*** Opening of Task data ***
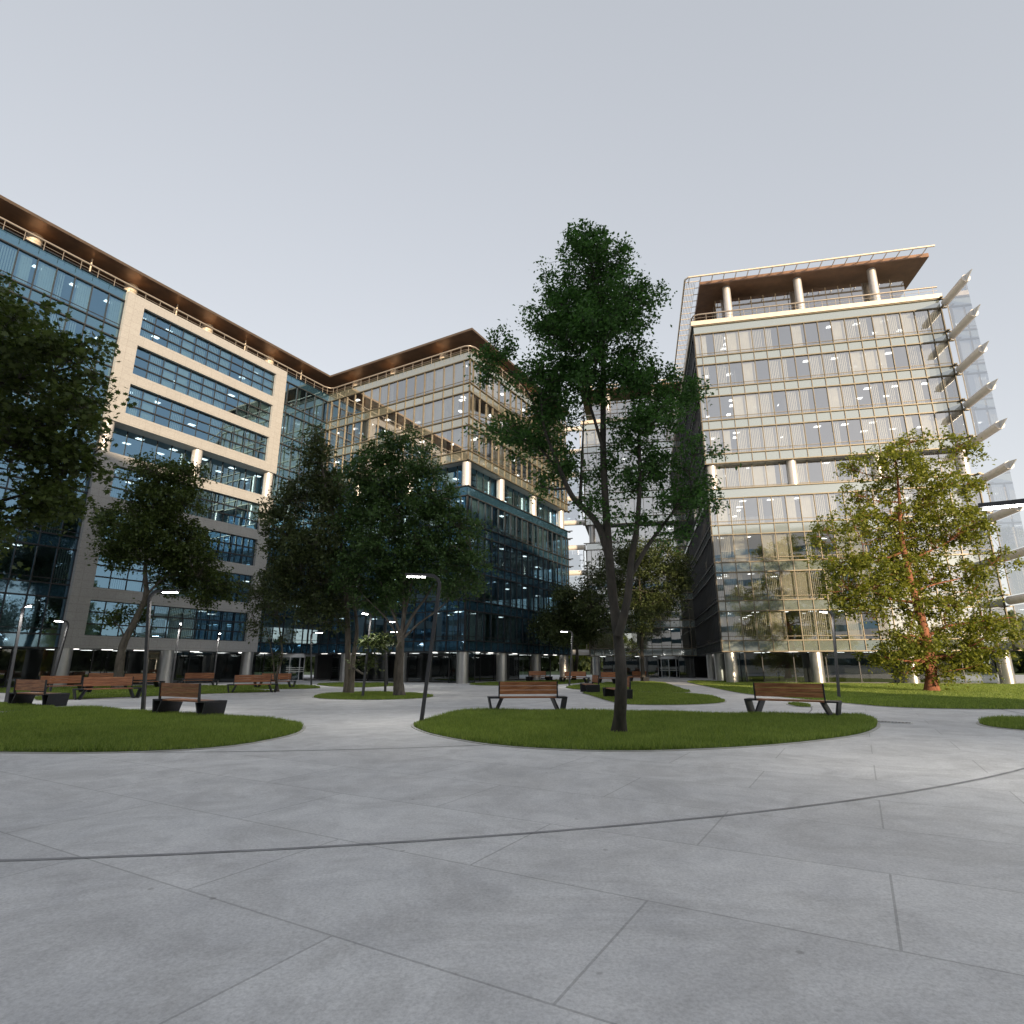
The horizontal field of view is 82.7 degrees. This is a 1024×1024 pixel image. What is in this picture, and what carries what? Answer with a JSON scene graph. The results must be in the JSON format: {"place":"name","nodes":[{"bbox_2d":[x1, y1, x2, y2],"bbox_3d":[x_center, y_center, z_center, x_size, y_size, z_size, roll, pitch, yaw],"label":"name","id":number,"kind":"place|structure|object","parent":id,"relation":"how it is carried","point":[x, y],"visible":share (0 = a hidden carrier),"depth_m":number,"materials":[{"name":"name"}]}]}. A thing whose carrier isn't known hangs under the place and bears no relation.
{"place":"outdoors","nodes":[
{"label":"outdoors","id":0,"kind":"place"},
{"bbox_2d":[0,675,1023,1023],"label":"paving","id":1,"kind":"structure","parent":0,"point":[904,907],"depth_m":4.55,"materials":[{"name":"grey concrete"}]},
{"bbox_2d":[4,604,31,701],"bbox_3d":[-22.562,6.409,26.521,1.110,4.351,0.240,-10,-18,34],"label":"street lamp","id":2,"kind":"object","parent":1,"relation":"on","point":[14,653],"visible":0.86,"depth_m":26.67,"materials":[{"name":"metal"}]},
{"bbox_2d":[0,271,137,580],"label":"maple tree","id":3,"kind":"object","parent":1,"relation":"on","point":[34,438],"visible":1,"depth_m":15.87,"materials":[{"name":"green plant"}]},
{"bbox_2d":[72,677,141,699],"bbox_3d":[-20.202,8.796,29.121,2.850,1.040,0.805,13,-20,-40],"label":"park bench","id":4,"kind":"object","parent":1,"relation":"on","point":[105,681],"visible":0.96,"depth_m":29.34,"materials":[{"name":"wood"}]},
{"bbox_2d":[0,705,303,751],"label":"lawn","id":5,"kind":"structure","parent":1,"relation":"on","point":[145,750],"depth_m":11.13,"materials":[{"name":"green plant"}]},
{"bbox_2d":[152,682,226,715],"bbox_3d":[-10.701,6.190,19.256,2.850,1.040,0.805,-8,-17,28],"label":"park bench","id":6,"kind":"object","parent":5,"relation":"on","point":[203,706],"visible":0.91,"depth_m":18.97,"materials":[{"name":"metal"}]},
{"bbox_2d":[0,725,305,753],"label":"kerb","id":7,"kind":"structure","parent":1,"relation":"on","point":[303,729],"depth_m":11.06,"materials":[{"name":"concrete"}]},
{"bbox_2d":[34,691,273,700],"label":"kerb","id":8,"kind":"structure","parent":1,"relation":"on","point":[146,696],"depth_m":30.01,"materials":[{"name":"concrete"}]},
{"bbox_2d":[35,689,273,699],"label":"lawn","id":9,"kind":"structure","parent":1,"relation":"on","point":[140,696],"depth_m":33.85,"materials":[{"name":"green plant"}]},
{"bbox_2d":[141,589,179,710],"bbox_3d":[-12.973,4.994,21.166,1.110,4.351,0.240,0,-15,0],"label":"street lamp","id":10,"kind":"object","parent":1,"relation":"on","point":[145,663],"visible":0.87,"depth_m":21.19,"materials":[{"name":"metal"}]},
{"bbox_2d":[213,632,220,682],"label":"street lamp","id":11,"kind":"object","parent":1,"relation":"on","point":[216,654],"visible":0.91,"depth_m":49.90,"materials":[{"name":"metal"}]},
{"bbox_2d":[227,675,277,692],"bbox_3d":[-15.901,10.532,35.696,2.850,1.040,0.805,8,-17,-27],"label":"park bench","id":12,"kind":"object","parent":1,"relation":"on","point":[253,678],"visible":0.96,"depth_m":35.92,"materials":[{"name":"wood"}]},
{"bbox_2d":[234,567,300,691],"bbox_3d":[-15.873,7.323,37.304,3.911,8.424,4.771,14,-20,-42],"label":"young tree","id":13,"kind":"object","parent":1,"relation":"on","point":[253,592],"visible":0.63,"depth_m":37.17,"materials":[{"name":"green plant"}]},
{"bbox_2d":[0,195,574,687],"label":"office building","id":14,"kind":"structure","parent":1,"relation":"on","point":[234,407],"depth_m":58.15,"materials":[{"name":"blue glass"}]},
{"bbox_2d":[277,654,305,680],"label":"revolving door","id":15,"kind":"structure","parent":14,"relation":"in","point":[296,660],"depth_m":62.05,"materials":[{"name":"glass"}]},
{"bbox_2d":[310,631,322,684],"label":"street lamp","id":16,"kind":"object","parent":1,"relation":"on","point":[311,656],"visible":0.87,"depth_m":47.97,"materials":[{"name":"metal"}]},
{"bbox_2d":[184,689,559,709],"bbox_3d":[-6.999,9.812,30.919,19.208,0.001,19.209,0,-15,0],"label":"path joint","id":17,"kind":"object","parent":1,"relation":"on","point":[367,709],"visible":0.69,"depth_m":24.31,"materials":[{"name":"grey concrete"}]},
{"bbox_2d":[312,695,434,699],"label":"kerb","id":18,"kind":"structure","parent":1,"relation":"on","point":[386,699],"depth_m":28.23,"materials":[{"name":"concrete"}]},
{"bbox_2d":[314,690,432,699],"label":"lawn","id":19,"kind":"structure","parent":1,"relation":"on","point":[368,699],"depth_m":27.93,"materials":[{"name":"green plant"}]},
{"bbox_2d":[248,422,401,692],"bbox_3d":[-11.026,2.523,35.314,10.285,16.591,8.253,0,-15,0],"label":"twin trunk tree","id":20,"kind":"object","parent":19,"relation":"on","point":[286,575],"visible":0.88,"depth_m":34.73,"materials":[{"name":"green plant"}]},
{"bbox_2d":[361,611,371,695],"bbox_3d":[-7.702,7.419,30.347,0.240,4.351,1.110,-3,-15,12],"label":"street lamp","id":21,"kind":"object","parent":19,"relation":"on","point":[366,657],"visible":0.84,"depth_m":30.55,"materials":[{"name":"metal"}]},
{"bbox_2d":[384,620,393,691],"bbox_3d":[-7.573,8.799,35.573,0.240,4.351,1.110,-5,-16,19],"label":"street lamp","id":22,"kind":"object","parent":19,"relation":"on","point":[385,682],"visible":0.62,"depth_m":35.15,"materials":[{"name":"metal"}]},
{"bbox_2d":[317,422,499,695],"bbox_3d":[-5.838,2.532,33.422,10.686,15.717,7.031,0,-15,0],"label":"round crown tree","id":23,"kind":"object","parent":19,"relation":"on","point":[387,591],"visible":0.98,"depth_m":32.92,"materials":[{"name":"green plant"}]},
{"bbox_2d":[0,682,1023,860],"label":"path joint","id":24,"kind":"object","parent":1,"relation":"on","point":[489,835],"visible":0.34,"depth_m":5.60,"materials":[{"name":"grey concrete"}]},
{"bbox_2d":[222,684,811,751],"bbox_3d":[-6.998,9.812,30.919,41.106,0.001,41.108,0,-15,0],"label":"path joint","id":25,"kind":"object","parent":1,"relation":"on","point":[411,747],"visible":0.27,"depth_m":11.55,"materials":[{"name":"grey concrete"}]},
{"bbox_2d":[487,681,567,709],"bbox_3d":[0.550,6.701,21.189,2.850,1.040,0.805,2,-15,-6],"label":"park bench","id":26,"kind":"object","parent":1,"relation":"on","point":[527,687],"visible":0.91,"depth_m":20.92,"materials":[{"name":"wood"}]},
{"bbox_2d":[411,722,879,751],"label":"kerb","id":27,"kind":"structure","parent":1,"relation":"on","point":[870,731],"depth_m":11.76,"materials":[{"name":"concrete"}]},
{"bbox_2d":[413,707,877,749],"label":"lawn","id":28,"kind":"structure","parent":1,"relation":"on","point":[636,749],"depth_m":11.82,"materials":[{"name":"green plant"}]},
{"bbox_2d":[405,573,440,719],"bbox_3d":[-2.727,3.988,17.357,1.110,4.351,0.240,0,-15,0],"label":"street lamp","id":29,"kind":"object","parent":28,"relation":"on","point":[423,706],"visible":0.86,"depth_m":17.37,"materials":[{"name":"metal"}]},
{"bbox_2d":[458,218,741,731],"bbox_3d":[2.210,-1.686,15.452,6.448,14.713,5.380,9,-17,-32],"label":"tall forked tree","id":30,"kind":"object","parent":28,"relation":"on","point":[594,317],"visible":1,"depth_m":15.46,"materials":[{"name":"green plant"}]},
{"bbox_2d":[744,682,841,715],"bbox_3d":[9.249,6.190,19.256,2.850,1.040,0.805,-11,-18,35],"label":"park bench","id":31,"kind":"object","parent":28,"relation":"on","point":[802,689],"visible":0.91,"depth_m":19.03,"materials":[{"name":"wood"}]},
{"bbox_2d":[583,690,724,704],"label":"lawn","id":32,"kind":"structure","parent":1,"relation":"on","point":[663,704],"depth_m":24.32,"materials":[{"name":"green plant"}]},
{"bbox_2d":[580,675,599,692],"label":"park bench","id":33,"kind":"object","parent":32,"relation":"on","point":[589,687],"visible":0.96,"depth_m":34.63,"materials":[{"name":"metal"}]},
{"bbox_2d":[602,677,632,698],"bbox_3d":[5.202,8.693,28.733,0.805,1.040,2.850,1,-15,-5],"label":"park bench","id":34,"kind":"object","parent":32,"relation":"on","point":[608,691],"visible":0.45,"depth_m":28.49,"materials":[{"name":"metal"}]},
{"bbox_2d":[582,693,726,704],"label":"kerb","id":35,"kind":"structure","parent":1,"relation":"on","point":[634,704],"depth_m":25.73,"materials":[{"name":"concrete"}]},
{"bbox_2d":[554,245,1023,683],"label":"office building","id":36,"kind":"structure","parent":1,"relation":"on","point":[814,375],"depth_m":59.70,"materials":[{"name":"beige glass"}]},
{"bbox_2d":[657,656,679,677],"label":"revolving door","id":37,"kind":"structure","parent":36,"relation":"in","point":[668,666],"depth_m":78.34,"materials":[{"name":"glass"}]},
{"bbox_2d":[592,280,892,419],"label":"penthouse window","id":38,"kind":"structure","parent":36,"relation":"in","point":[714,308],"depth_m":65.87,"materials":[{"name":"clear glass"}]},
{"bbox_2d":[687,682,1023,709],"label":"kerb","id":39,"kind":"structure","parent":1,"relation":"on","point":[885,706],"depth_m":22.73,"materials":[{"name":"concrete"}]},
{"bbox_2d":[687,680,1023,708],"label":"lawn","id":40,"kind":"structure","parent":1,"relation":"on","point":[882,705],"depth_m":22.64,"materials":[{"name":"green plant"}]},
{"bbox_2d":[819,610,840,696],"bbox_3d":[16.107,7.141,29.294,1.110,4.351,0.240,8,-17,-29],"label":"street lamp","id":41,"kind":"object","parent":40,"relation":"on","point":[835,653],"visible":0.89,"depth_m":29.45,"materials":[{"name":"metal"}]},
{"bbox_2d":[795,425,1023,690],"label":"red bark tree","id":42,"kind":"object","parent":40,"relation":"on","point":[928,658],"visible":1,"depth_m":37.94,"materials":[{"name":"plant"}]},
{"bbox_2d":[877,721,912,723],"bbox_3d":[10.832,6.081,16.831,1.240,0.024,0.440,-11,-19,37],"label":"drain grate","id":43,"kind":"object","parent":1,"relation":"on","point":[895,722],"visible":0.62,"depth_m":16.64,"materials":[{"name":"metal"}]},
{"bbox_2d":[976,721,1023,730],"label":"kerb","id":44,"kind":"structure","parent":1,"relation":"on","point":[977,722],"depth_m":15.38,"materials":[{"name":"concrete"}]},
{"bbox_2d":[978,498,1023,510],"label":"street lamp","id":45,"kind":"object","parent":1,"relation":"on","point":[1009,503],"visible":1,"depth_m":9.99,"materials":[{"name":"metal"}]},
{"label":"lawn","id":46,"kind":"structure","parent":1,"relation":"on","visible":0},
{"bbox_2d":[593,672,614,683],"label":"park bench","id":47,"kind":"object","parent":46,"relation":"on","point":[605,674],"visible":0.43,"depth_m":51.79,"materials":[{"name":"wood"}]},
{"bbox_2d":[567,681,690,691],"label":"grass","id":48,"kind":"structure","parent":46,"relation":"on","point":[652,686],"depth_m":42.95,"materials":[{"name":"green plant"}]},
{"bbox_2d":[569,535,701,680],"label":"slender tree","id":49,"kind":"object","parent":46,"relation":"on","point":[674,570],"visible":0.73,"depth_m":58.78,"materials":[{"name":"green plant"}]},
{"bbox_2d":[627,671,648,681],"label":"park bench","id":50,"kind":"object","parent":46,"relation":"on","point":[638,673],"visible":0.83,"depth_m":58.85,"materials":[{"name":"wood"}]},
{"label":"lawn","id":51,"kind":"structure","parent":1,"relation":"on","visible":0},
{"bbox_2d":[788,701,810,706],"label":"grass","id":52,"kind":"structure","parent":51,"relation":"on","point":[800,704],"depth_m":23.68,"materials":[{"name":"green plant"}]},
{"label":"lawn","id":53,"kind":"structure","parent":1,"relation":"on","visible":0},
{"bbox_2d":[977,714,1023,728],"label":"grass","id":54,"kind":"structure","parent":53,"relation":"on","point":[1010,722],"depth_m":16.03,"materials":[{"name":"green plant"}]},
{"bbox_2d":[0,0,1023,643],"label":"sky","id":55,"kind":"structure","parent":0,"point":[346,184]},
{"bbox_2d":[304,670,1023,674],"bbox_3d":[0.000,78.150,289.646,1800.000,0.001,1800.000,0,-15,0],"label":"ground","id":56,"kind":"structure","parent":0,"point":[555,672],"depth_m":121.84,"materials":[{"name":"green plant"}]},
{"bbox_2d":[556,640,591,671],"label":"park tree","id":57,"kind":"object","parent":56,"relation":"on","point":[582,648],"visible":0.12,"depth_m":114.78,"materials":[{"name":"green plant"}]},
{"bbox_2d":[588,634,612,673],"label":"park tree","id":58,"kind":"object","parent":56,"relation":"on","point":[599,643],"visible":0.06,"depth_m":119.46,"materials":[{"name":"green plant"}]},
{"bbox_2d":[259,610,1023,672],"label":"wood","id":59,"kind":"object","parent":56,"relation":"on","point":[586,665],"visible":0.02,"depth_m":156.72,"materials":[{"name":"green plant"}]},
{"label":"lawn","id":60,"kind":"structure","parent":0,"visible":0},
{"bbox_2d":[0,702,54,710],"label":"grass","id":61,"kind":"structure","parent":60,"relation":"on","point":[5,706],"depth_m":22.57,"materials":[{"name":"green plant"}]},
{"bbox_2d":[8,679,69,705],"bbox_3d":[-19.601,7.467,24.090,2.850,1.040,0.805,-6,-16,23],"label":"park bench","id":62,"kind":"object","parent":60,"relation":"on","point":[48,698],"visible":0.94,"depth_m":23.81,"materials":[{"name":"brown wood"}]},
{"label":"lawn","id":63,"kind":"structure","parent":0,"visible":0},
{"bbox_2d":[48,619,68,691],"bbox_3d":[-27.913,8.787,35.528,0.240,4.351,1.110,-2,-15,7],"label":"street lamp","id":64,"kind":"object","parent":63,"relation":"on","point":[60,651],"visible":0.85,"depth_m":35.88,"materials":[{"name":"metal"}]},
{"bbox_2d":[31,675,93,695],"bbox_3d":[-25.602,9.868,33.181,0.805,1.040,2.850,-8,-17,27],"label":"park bench","id":65,"kind":"object","parent":63,"relation":"on","point":[60,679],"visible":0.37,"depth_m":33.44,"materials":[{"name":"wood"}]},
{"bbox_2d":[82,673,113,680],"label":"park bench","id":66,"kind":"object","parent":63,"relation":"on","point":[100,674],"visible":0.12,"depth_m":45.26,"materials":[{"name":"wood"}]},
{"bbox_2d":[124,673,164,687],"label":"park bench","id":67,"kind":"object","parent":63,"relation":"on","point":[140,677],"visible":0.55,"depth_m":42.11,"materials":[{"name":"wood"}]},
{"bbox_2d":[0,684,319,694],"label":"grass","id":68,"kind":"structure","parent":63,"relation":"on","point":[68,689],"depth_m":40.42,"materials":[{"name":"green plant"}]},
{"bbox_2d":[85,448,247,687],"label":"maple tree","id":69,"kind":"object","parent":63,"relation":"on","point":[172,551],"visible":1,"depth_m":42.14,"materials":[{"name":"green plant"}]},
{"bbox_2d":[170,622,181,687],"bbox_3d":[-21.943,9.430,37.960,0.240,4.351,1.110,9,-17,-31],"label":"street lamp","id":70,"kind":"object","parent":63,"relation":"on","point":[180,623],"visible":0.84,"depth_m":38.22,"materials":[{"name":"metal"}]},
{"bbox_2d":[177,673,218,684],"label":"park bench","id":71,"kind":"object","parent":63,"relation":"on","point":[197,675],"visible":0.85,"depth_m":45.89,"materials":[{"name":"wood"}]},
{"bbox_2d":[253,673,295,686],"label":"park bench","id":72,"kind":"object","parent":63,"relation":"on","point":[284,675],"visible":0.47,"depth_m":43.12,"materials":[{"name":"wood"}]},
{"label":"lawn","id":73,"kind":"structure","parent":0,"visible":0},
{"bbox_2d":[469,679,590,684],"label":"grass","id":74,"kind":"structure","parent":73,"relation":"on","point":[566,681],"depth_m":55.98,"materials":[{"name":"green plant"}]},
{"bbox_2d":[526,671,552,680],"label":"park bench","id":75,"kind":"object","parent":73,"relation":"on","point":[547,678],"visible":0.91,"depth_m":60.29,"materials":[{"name":"wood"}]},
{"bbox_2d":[525,580,608,679],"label":"round crown tree","id":76,"kind":"object","parent":73,"relation":"on","point":[548,625],"visible":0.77,"depth_m":60.24,"materials":[{"name":"green plant"}]},
{"bbox_2d":[559,671,589,682],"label":"park bench","id":77,"kind":"object","parent":73,"relation":"on","point":[576,674],"visible":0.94,"depth_m":55.93,"materials":[{"name":"wood"}]},
{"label":"lawn","id":78,"kind":"structure","parent":0,"visible":0},
{"bbox_2d":[318,682,392,686],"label":"grass","id":79,"kind":"structure","parent":78,"relation":"on","point":[360,684],"depth_m":48.13,"materials":[{"name":"green plant"}]},
{"bbox_2d":[386,631,396,684],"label":"street lamp","id":80,"kind":"object","parent":78,"relation":"on","point":[386,663],"visible":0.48,"depth_m":46.75,"materials":[{"name":"metal"}]},
{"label":"kerb","id":81,"kind":"structure","parent":0,"visible":0},
{"bbox_2d":[560,630,572,685],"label":"street lamp","id":82,"kind":"object","parent":81,"relation":"on","point":[570,654],"visible":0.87,"depth_m":46.41,"materials":[{"name":"metal"}]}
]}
*** Close of Task data ***
- _Work to be completed_: Each line in the listing above that contains "office" should be copied.

- _Output of the task_:
{"bbox_2d":[0,195,574,687],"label":"office building","id":14,"kind":"structure","parent":1,"relation":"on","point":[234,407],"depth_m":58.15,"materials":[{"name":"blue glass"}]},
{"bbox_2d":[554,245,1023,683],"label":"office building","id":36,"kind":"structure","parent":1,"relation":"on","point":[814,375],"depth_m":59.70,"materials":[{"name":"beige glass"}]},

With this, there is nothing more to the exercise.